Thursday, June 23, 2011
When it comes to education, Wisconsinites have always been on the cutting edge. The very first kindergarten in the US was founded more than 150 years ago in the town of Watertown, WI. In higher education, the University of Wisconsin-Madison awarded the first Ph.D. in chemical engineering ever granted in 1905. Continuing the trend of advancing education in the state, K-12 schools in Wisconsin are going Google.
Thanks to a collaboration between the Wisconsin Department of Public Instruction and the 12 Cooperative Educational Services Agencies (CESAs), over 850,000 students and 55,000 teachers across Wisconsin will have access to Google Apps for Education, professional development and technical deployment support.
"It’s fantastic to have such support for public education from Google, an outstanding leader in the business and information systems world," says Wisconsin State Superintendent Tony Evers. "I’m glad we were able to dedicate resources to help schools take advantage of this opportunity. Schools need to save time and money, and students need to learn collaboration and technology skills so they will graduate ready for higher education and the workforce. "
One of the reasons Wisconsin decided to bring Google Apps to the state was the overwhelming support from individual school districts. In fact, 81% of educators polled in an exploratory survey were already using or strongly considering Google Apps for Education. Many school districts who had gone Google offered to share their experiences to help the state make an informed decision.

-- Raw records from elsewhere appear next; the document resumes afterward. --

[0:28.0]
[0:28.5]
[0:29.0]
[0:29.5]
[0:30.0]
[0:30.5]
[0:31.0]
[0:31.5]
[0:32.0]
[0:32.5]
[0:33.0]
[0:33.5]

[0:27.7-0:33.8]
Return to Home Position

Jon Tanner, Technology Director of Oregon School District in southern Wisconsin, moved to Google Apps in 2007 and found that "by choosing Google Apps, the Oregon School District has saved tens of thousands of dollars, improved the reliability of our email systems, enabled easier collaboration for staff and students, and provided students with experience on the kinds of web-based, collaborative software that they will use in the workplace."

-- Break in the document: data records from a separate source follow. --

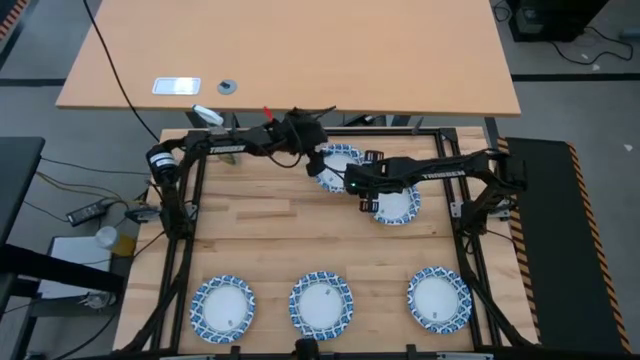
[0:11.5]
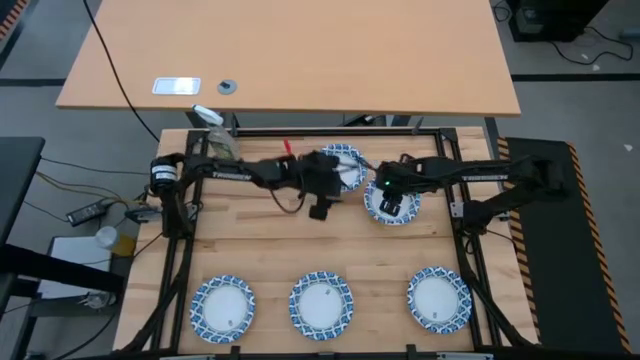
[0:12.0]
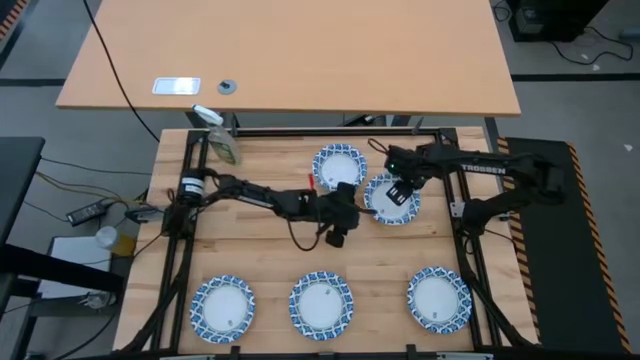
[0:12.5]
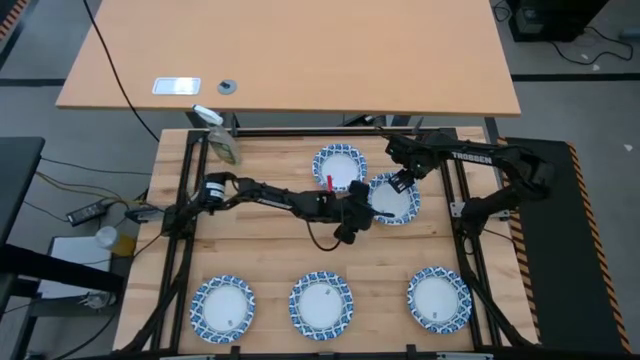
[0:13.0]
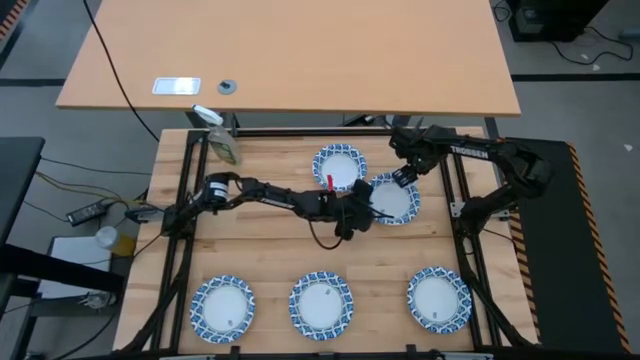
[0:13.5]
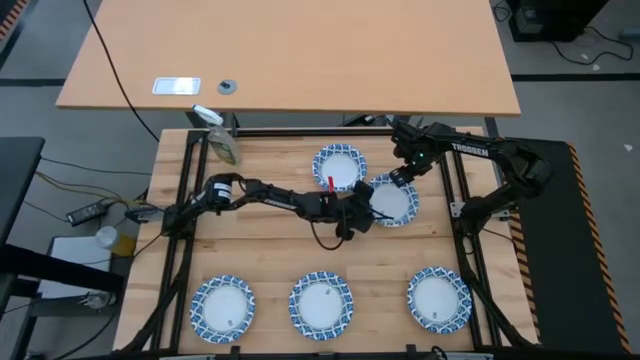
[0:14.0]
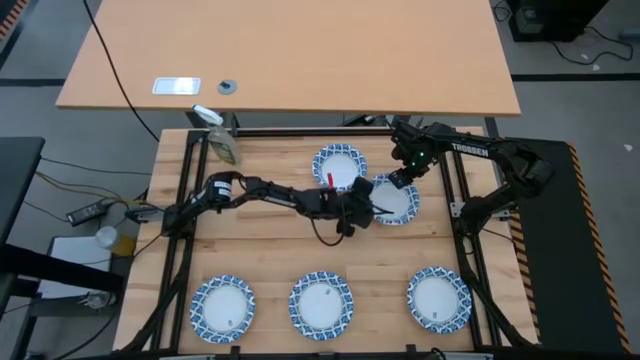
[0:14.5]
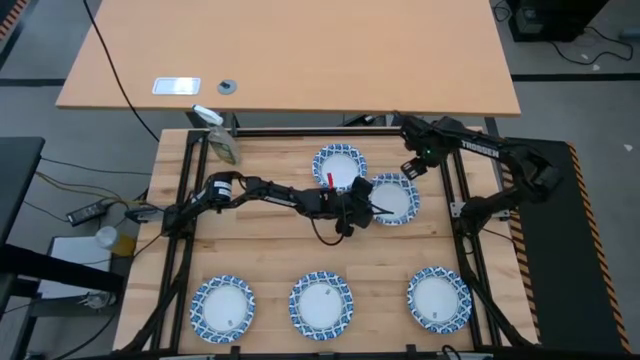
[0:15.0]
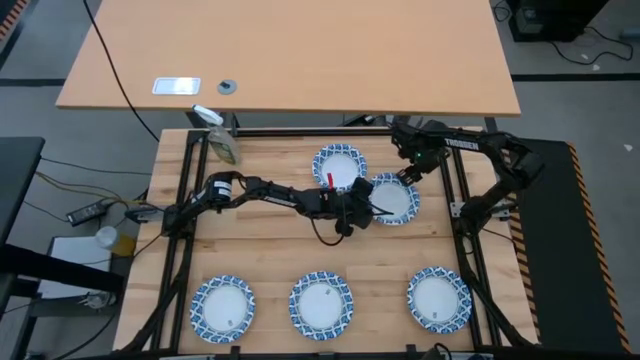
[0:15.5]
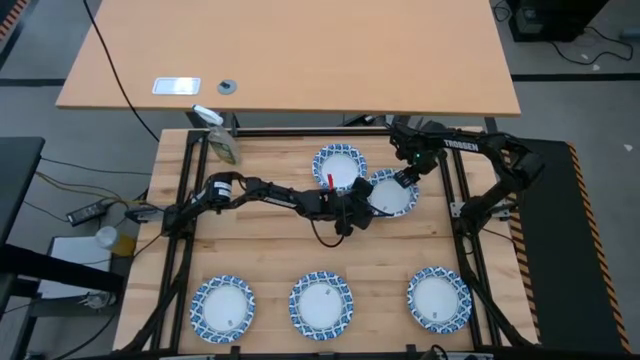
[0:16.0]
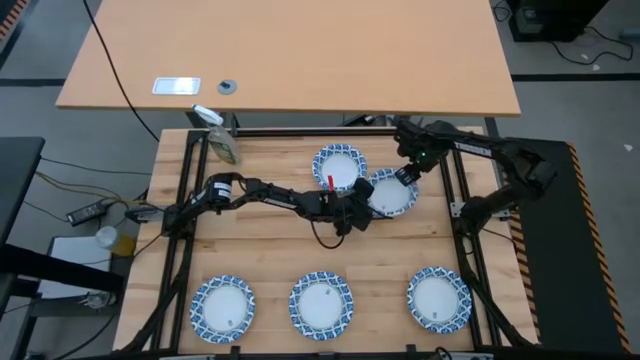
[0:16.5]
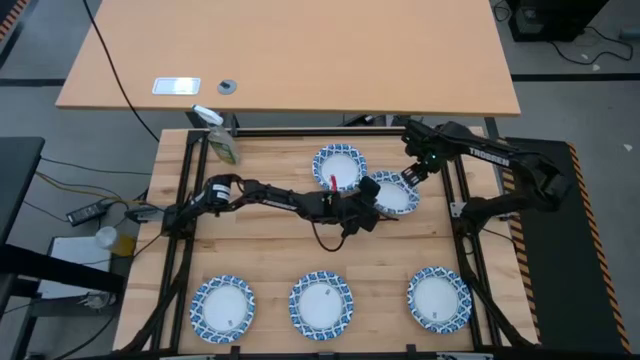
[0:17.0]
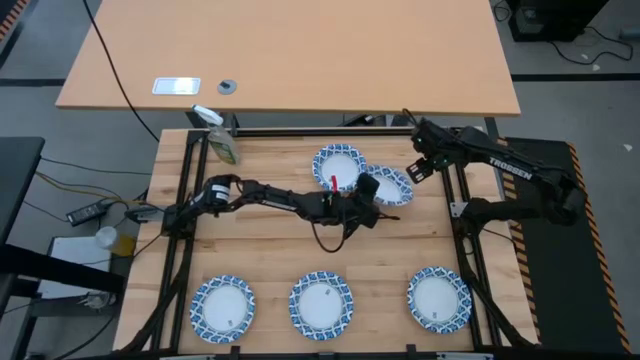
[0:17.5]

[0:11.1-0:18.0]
Stack the blue white patterned bowl on top of the other blue white patterned bowls

40 miles south, teachers in the Janesville School District have been using Google Apps for the past 2 years to create paperless classrooms. Franklin Middle School uses Google Sites to distribute the school's newspaper. Third grade teacher Nicole Andresen has gone paperless by relying on Gmail and Google Docs to distribute assignments. "I can create comprehension questions, surveys and other assignments for my students to answer from their email using Google Forms," she said, "and it's so much easier for me to grade since I don't need to remember to bring worksheets home."
Kathy Boguszewski, Library Media & Instructional Technology Coordinator in Janesville, is excited for other Wisconsin schools to join the 12 million students and teachers that have gone Google worldwide. "Google Apps is changing how we work and teach," she said, "and we are loving it!"